Starting from the line that holds "རྗེ་དང་། རྒོད་དང་ཁྲོ་དང་འཇིག་པ་དང་་། མི་སྡུག་ངོ་མཚར་ཞི་བ་ཡི་།", print every line through the end of the records, first and last included.

(Records drawn from a dataset)
::::::
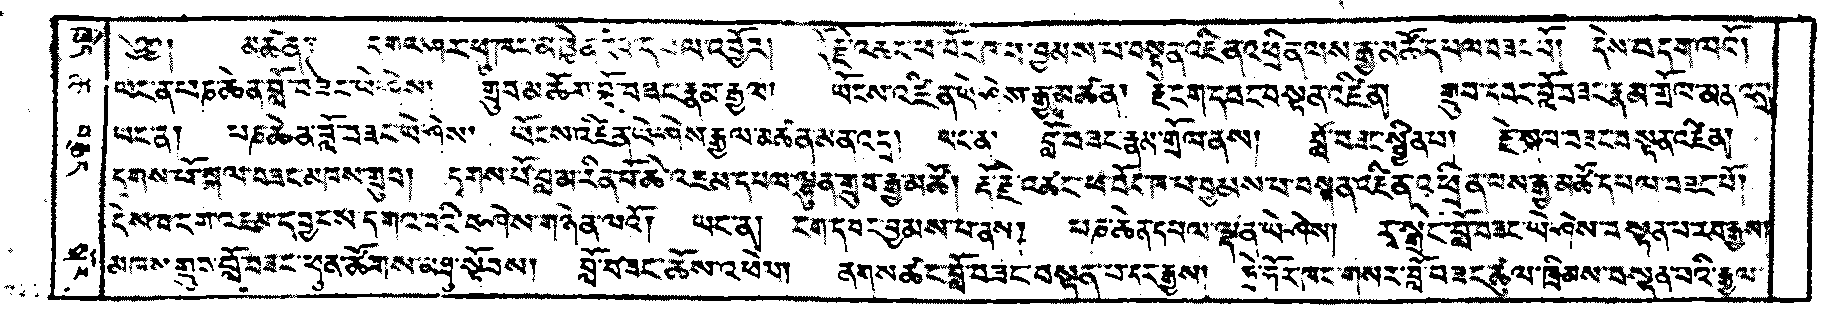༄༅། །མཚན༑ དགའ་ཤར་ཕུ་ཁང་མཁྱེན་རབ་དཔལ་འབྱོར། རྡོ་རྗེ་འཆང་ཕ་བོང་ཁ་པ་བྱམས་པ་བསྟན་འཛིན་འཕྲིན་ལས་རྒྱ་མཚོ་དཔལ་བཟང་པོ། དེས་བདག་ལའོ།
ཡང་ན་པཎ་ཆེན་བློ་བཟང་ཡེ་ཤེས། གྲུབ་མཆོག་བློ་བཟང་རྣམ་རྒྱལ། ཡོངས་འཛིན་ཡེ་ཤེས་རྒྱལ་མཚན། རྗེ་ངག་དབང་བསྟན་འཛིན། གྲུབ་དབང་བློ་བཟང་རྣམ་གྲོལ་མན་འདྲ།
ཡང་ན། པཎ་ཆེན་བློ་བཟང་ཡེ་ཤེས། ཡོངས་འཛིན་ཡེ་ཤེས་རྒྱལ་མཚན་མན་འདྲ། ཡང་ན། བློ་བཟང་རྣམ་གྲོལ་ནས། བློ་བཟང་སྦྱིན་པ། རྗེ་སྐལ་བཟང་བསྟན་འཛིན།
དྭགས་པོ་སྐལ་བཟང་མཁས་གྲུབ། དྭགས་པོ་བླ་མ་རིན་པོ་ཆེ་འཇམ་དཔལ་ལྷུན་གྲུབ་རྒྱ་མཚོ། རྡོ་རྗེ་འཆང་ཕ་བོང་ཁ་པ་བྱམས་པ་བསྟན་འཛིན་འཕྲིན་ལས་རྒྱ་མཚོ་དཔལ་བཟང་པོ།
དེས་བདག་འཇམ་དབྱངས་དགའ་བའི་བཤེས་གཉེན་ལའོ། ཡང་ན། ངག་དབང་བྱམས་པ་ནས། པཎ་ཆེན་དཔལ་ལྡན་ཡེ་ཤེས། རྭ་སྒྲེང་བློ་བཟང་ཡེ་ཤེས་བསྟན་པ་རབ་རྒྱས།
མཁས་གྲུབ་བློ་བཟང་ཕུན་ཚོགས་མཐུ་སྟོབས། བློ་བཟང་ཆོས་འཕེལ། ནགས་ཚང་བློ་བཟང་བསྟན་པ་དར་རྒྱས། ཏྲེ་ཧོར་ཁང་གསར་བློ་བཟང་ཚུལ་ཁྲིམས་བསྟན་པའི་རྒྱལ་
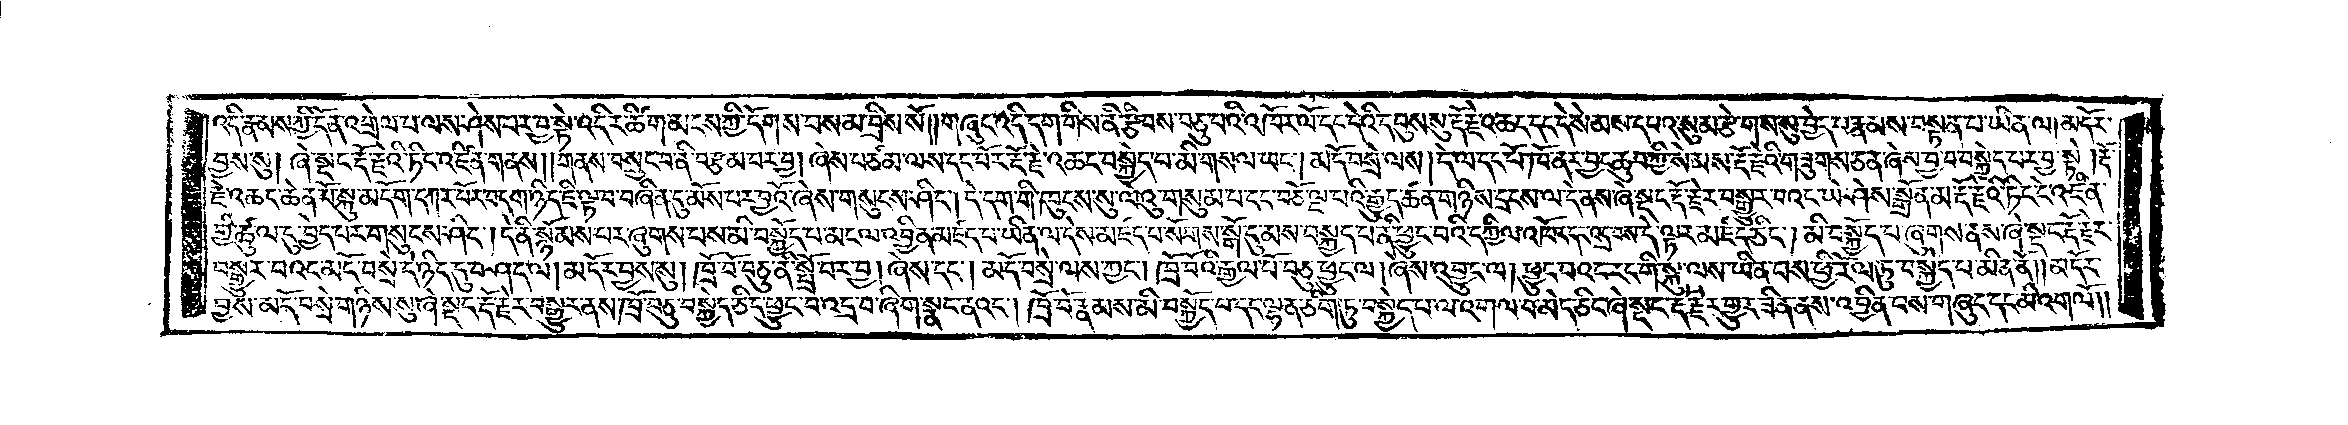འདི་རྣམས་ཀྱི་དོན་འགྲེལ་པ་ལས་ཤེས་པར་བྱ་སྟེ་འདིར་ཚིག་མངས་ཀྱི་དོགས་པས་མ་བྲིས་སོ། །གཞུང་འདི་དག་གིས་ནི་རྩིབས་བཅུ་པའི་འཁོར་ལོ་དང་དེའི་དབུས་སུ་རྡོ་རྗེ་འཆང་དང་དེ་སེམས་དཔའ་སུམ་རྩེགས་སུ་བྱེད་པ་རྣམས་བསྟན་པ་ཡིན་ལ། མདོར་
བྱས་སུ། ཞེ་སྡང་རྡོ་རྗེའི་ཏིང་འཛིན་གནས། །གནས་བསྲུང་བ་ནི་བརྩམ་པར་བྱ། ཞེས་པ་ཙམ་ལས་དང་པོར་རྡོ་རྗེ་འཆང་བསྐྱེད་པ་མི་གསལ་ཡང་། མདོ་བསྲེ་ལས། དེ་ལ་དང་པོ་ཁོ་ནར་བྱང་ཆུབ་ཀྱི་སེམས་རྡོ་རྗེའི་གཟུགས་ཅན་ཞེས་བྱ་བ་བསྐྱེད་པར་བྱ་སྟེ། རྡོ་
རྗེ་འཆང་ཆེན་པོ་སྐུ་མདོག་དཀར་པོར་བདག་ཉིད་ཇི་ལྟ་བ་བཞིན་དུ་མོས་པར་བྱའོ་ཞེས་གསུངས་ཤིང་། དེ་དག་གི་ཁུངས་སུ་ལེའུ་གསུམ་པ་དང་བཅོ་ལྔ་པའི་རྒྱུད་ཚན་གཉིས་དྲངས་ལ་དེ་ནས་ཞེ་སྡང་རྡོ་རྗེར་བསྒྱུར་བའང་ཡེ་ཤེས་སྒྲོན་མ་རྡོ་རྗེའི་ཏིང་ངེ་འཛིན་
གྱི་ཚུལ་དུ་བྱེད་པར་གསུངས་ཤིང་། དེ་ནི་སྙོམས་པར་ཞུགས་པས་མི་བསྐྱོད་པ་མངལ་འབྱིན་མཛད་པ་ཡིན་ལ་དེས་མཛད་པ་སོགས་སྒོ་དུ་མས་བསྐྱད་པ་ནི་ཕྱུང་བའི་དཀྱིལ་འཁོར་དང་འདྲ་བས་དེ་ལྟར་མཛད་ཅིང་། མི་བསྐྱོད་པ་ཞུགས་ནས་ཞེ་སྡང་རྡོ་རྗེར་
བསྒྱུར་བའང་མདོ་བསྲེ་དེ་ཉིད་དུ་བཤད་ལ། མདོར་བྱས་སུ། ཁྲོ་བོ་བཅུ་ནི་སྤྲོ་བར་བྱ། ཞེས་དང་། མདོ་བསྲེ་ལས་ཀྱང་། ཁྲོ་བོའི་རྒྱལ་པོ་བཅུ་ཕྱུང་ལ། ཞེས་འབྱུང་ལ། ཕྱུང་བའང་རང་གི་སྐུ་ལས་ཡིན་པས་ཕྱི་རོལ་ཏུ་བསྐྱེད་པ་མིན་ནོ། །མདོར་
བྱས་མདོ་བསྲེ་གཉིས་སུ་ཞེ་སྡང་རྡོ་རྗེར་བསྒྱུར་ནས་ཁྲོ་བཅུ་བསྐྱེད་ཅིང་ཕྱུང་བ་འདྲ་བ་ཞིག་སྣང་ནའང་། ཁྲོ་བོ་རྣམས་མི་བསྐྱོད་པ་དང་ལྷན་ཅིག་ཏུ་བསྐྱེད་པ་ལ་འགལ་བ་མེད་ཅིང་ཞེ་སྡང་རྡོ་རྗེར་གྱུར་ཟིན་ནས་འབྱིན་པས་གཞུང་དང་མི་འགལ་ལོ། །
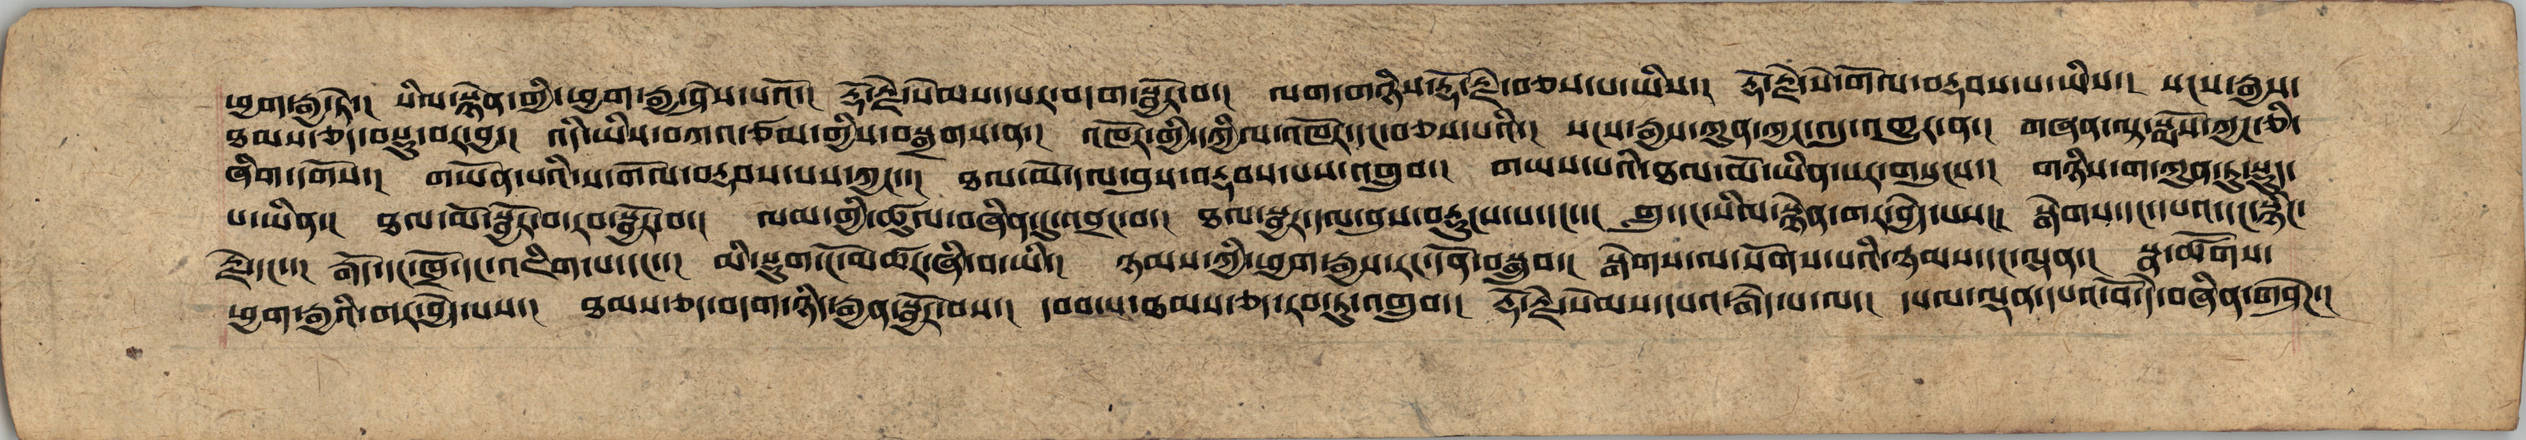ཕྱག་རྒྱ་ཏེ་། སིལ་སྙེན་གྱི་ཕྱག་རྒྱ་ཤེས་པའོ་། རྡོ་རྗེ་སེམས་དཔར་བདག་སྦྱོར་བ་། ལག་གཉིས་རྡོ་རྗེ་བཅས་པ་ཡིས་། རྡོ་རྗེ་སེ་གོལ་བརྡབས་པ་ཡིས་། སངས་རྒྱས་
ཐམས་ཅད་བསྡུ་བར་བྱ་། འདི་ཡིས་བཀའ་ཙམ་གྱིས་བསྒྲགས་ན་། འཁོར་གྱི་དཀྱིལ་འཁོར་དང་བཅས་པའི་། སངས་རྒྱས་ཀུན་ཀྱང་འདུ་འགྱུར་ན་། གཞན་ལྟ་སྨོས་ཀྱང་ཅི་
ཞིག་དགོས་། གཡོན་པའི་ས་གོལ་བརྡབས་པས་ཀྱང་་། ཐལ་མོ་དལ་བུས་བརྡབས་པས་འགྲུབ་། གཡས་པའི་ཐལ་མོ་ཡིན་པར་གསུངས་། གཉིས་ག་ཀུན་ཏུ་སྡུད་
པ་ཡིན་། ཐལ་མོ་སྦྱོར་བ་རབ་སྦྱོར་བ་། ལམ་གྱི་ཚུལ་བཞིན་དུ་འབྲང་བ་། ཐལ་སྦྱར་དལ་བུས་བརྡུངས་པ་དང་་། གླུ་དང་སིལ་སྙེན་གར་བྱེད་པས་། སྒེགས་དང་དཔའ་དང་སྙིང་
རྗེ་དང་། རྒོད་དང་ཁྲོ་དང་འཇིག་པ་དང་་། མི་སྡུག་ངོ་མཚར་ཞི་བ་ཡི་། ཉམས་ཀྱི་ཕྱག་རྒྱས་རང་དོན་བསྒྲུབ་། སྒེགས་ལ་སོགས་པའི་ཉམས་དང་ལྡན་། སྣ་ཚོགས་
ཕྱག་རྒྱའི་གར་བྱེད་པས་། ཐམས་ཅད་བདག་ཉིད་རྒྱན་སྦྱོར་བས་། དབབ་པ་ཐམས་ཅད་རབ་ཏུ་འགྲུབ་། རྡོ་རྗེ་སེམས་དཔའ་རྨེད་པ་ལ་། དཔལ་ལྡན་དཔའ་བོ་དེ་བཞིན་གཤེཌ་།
::::::
> Reply to the task
རྗེ་དང་། རྒོད་དང་ཁྲོ་དང་འཇིག་པ་དང་་། མི་སྡུག་ངོ་མཚར་ཞི་བ་ཡི་། ཉམས་ཀྱི་ཕྱག་རྒྱས་རང་དོན་བསྒྲུབ་། སྒེགས་ལ་སོགས་པའི་ཉམས་དང་ལྡན་། སྣ་ཚོགས་
ཕྱག་རྒྱའི་གར་བྱེད་པས་། ཐམས་ཅད་བདག་ཉིད་རྒྱན་སྦྱོར་བས་། དབབ་པ་ཐམས་ཅད་རབ་ཏུ་འགྲུབ་། རྡོ་རྗེ་སེམས་དཔའ་རྨེད་པ་ལ་། དཔལ་ལྡན་དཔའ་བོ་དེ་བཞིན་གཤེཌ་།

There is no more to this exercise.